___ Task input

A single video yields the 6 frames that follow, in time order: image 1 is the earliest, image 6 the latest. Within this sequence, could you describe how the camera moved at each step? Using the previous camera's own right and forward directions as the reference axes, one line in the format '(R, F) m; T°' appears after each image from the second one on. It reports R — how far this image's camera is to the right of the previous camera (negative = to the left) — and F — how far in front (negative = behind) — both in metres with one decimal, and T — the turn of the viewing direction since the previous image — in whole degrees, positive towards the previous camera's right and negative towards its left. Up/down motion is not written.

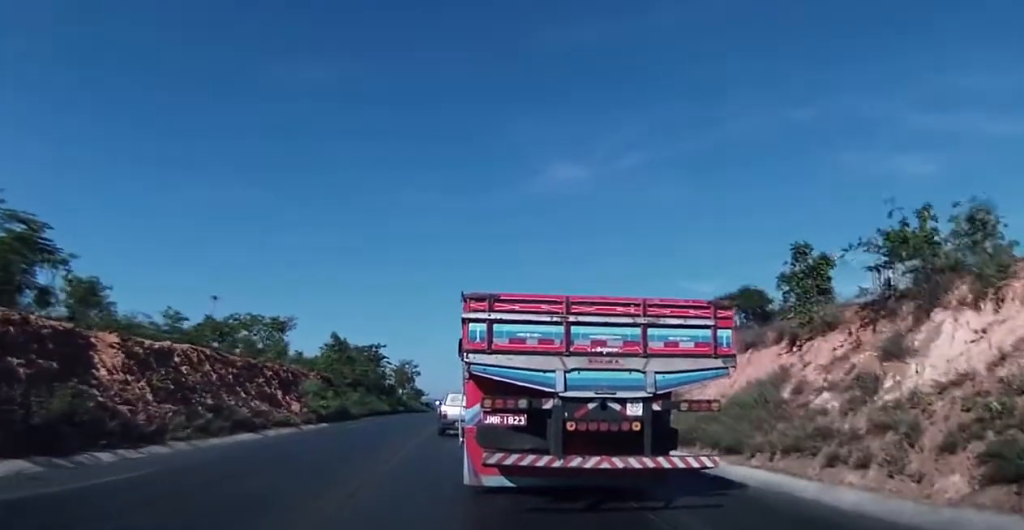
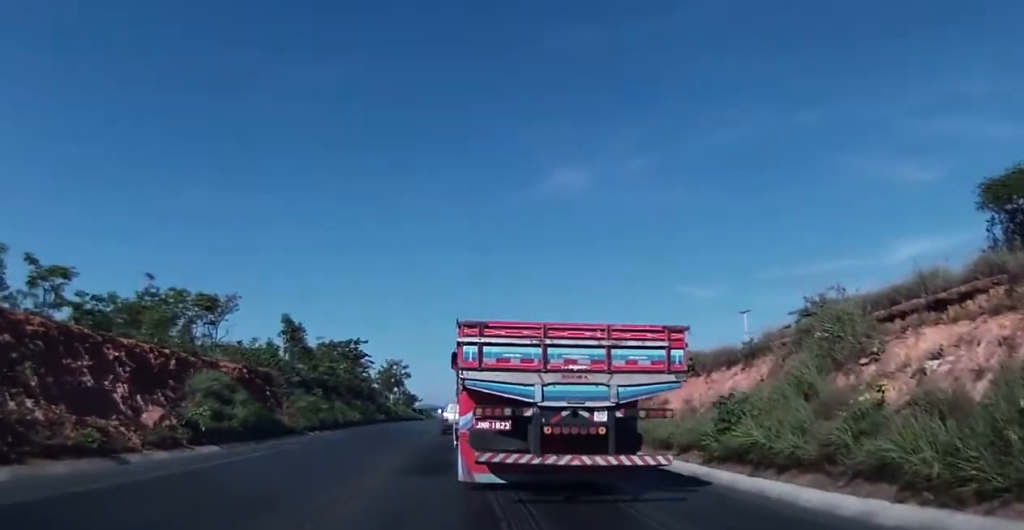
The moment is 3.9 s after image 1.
(+0.2, +18.0) m; 0°
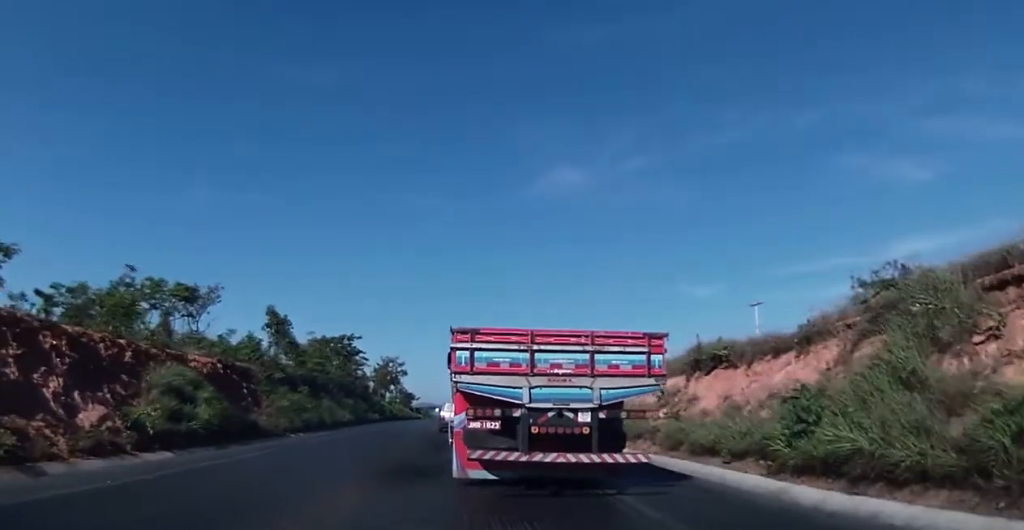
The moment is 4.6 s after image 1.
(-0.3, +2.8) m; +1°
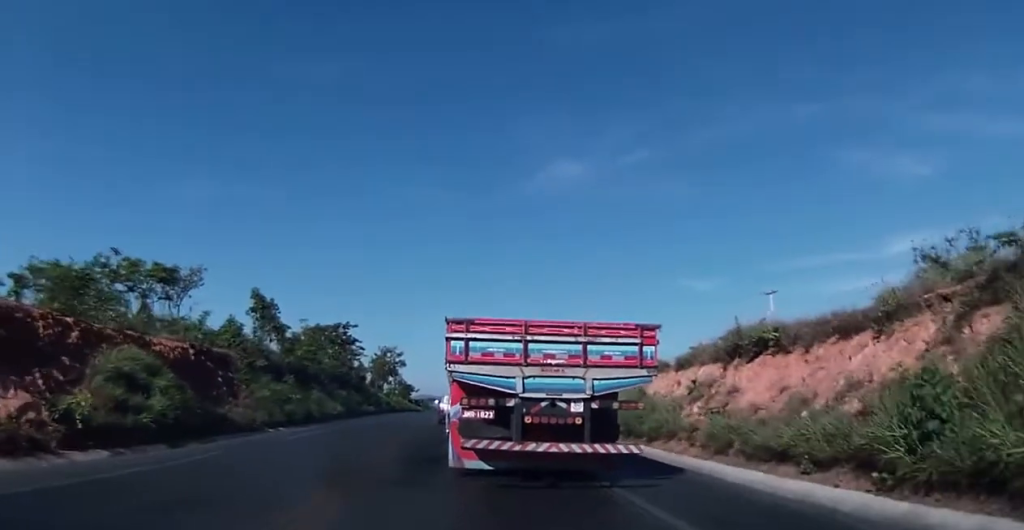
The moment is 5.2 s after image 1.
(+0.3, +2.9) m; 0°
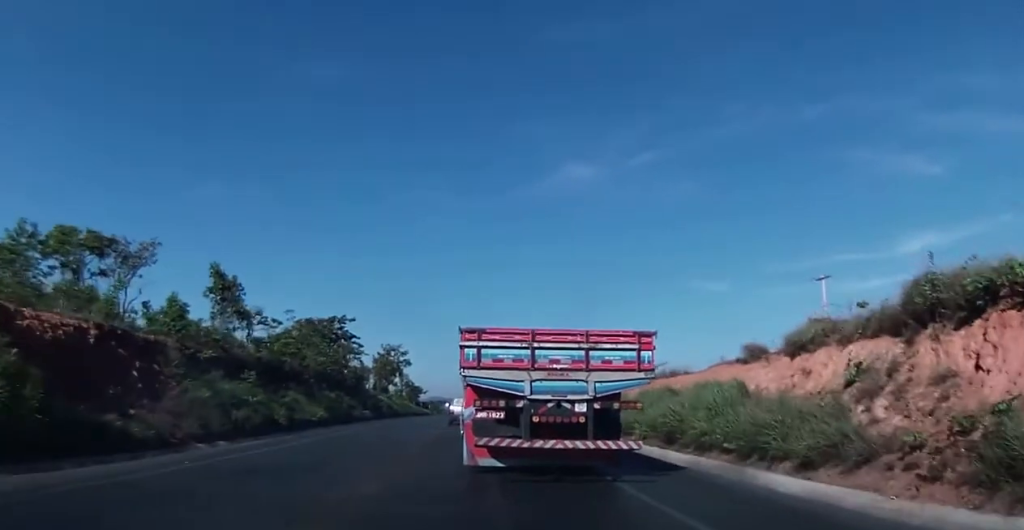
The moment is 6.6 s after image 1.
(-0.3, +7.8) m; -3°
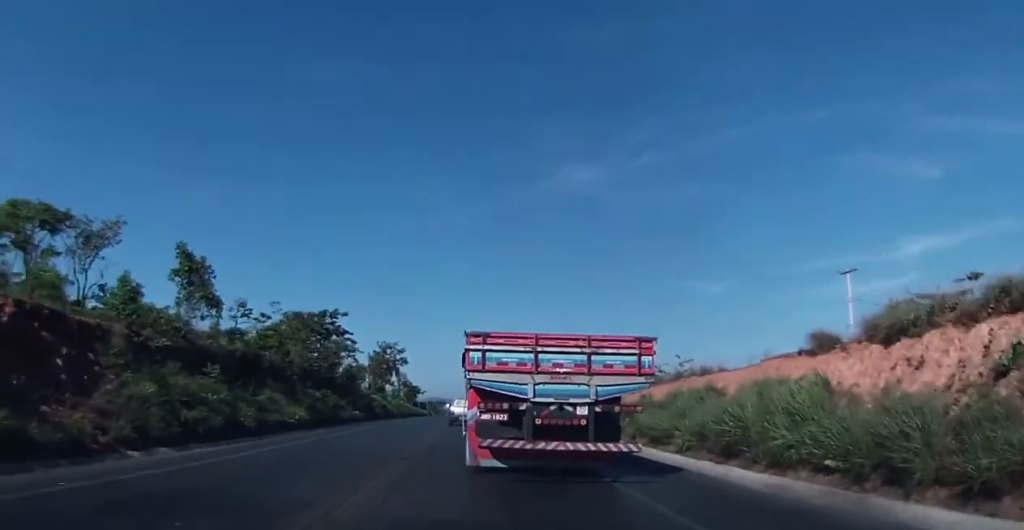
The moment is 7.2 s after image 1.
(+0.1, +4.1) m; +1°

______

Work instruction -> Find the line containing "The moment is 3.9 s after image 1.", then extract it and every line after it to the end of the data above, exactly and nothing else, without pictures.

Reply to the task ->
The moment is 3.9 s after image 1.
(+0.2, +18.0) m; 0°
The moment is 4.6 s after image 1.
(-0.3, +2.8) m; +1°
The moment is 5.2 s after image 1.
(+0.3, +2.9) m; 0°
The moment is 6.6 s after image 1.
(-0.3, +7.8) m; -3°
The moment is 7.2 s after image 1.
(+0.1, +4.1) m; +1°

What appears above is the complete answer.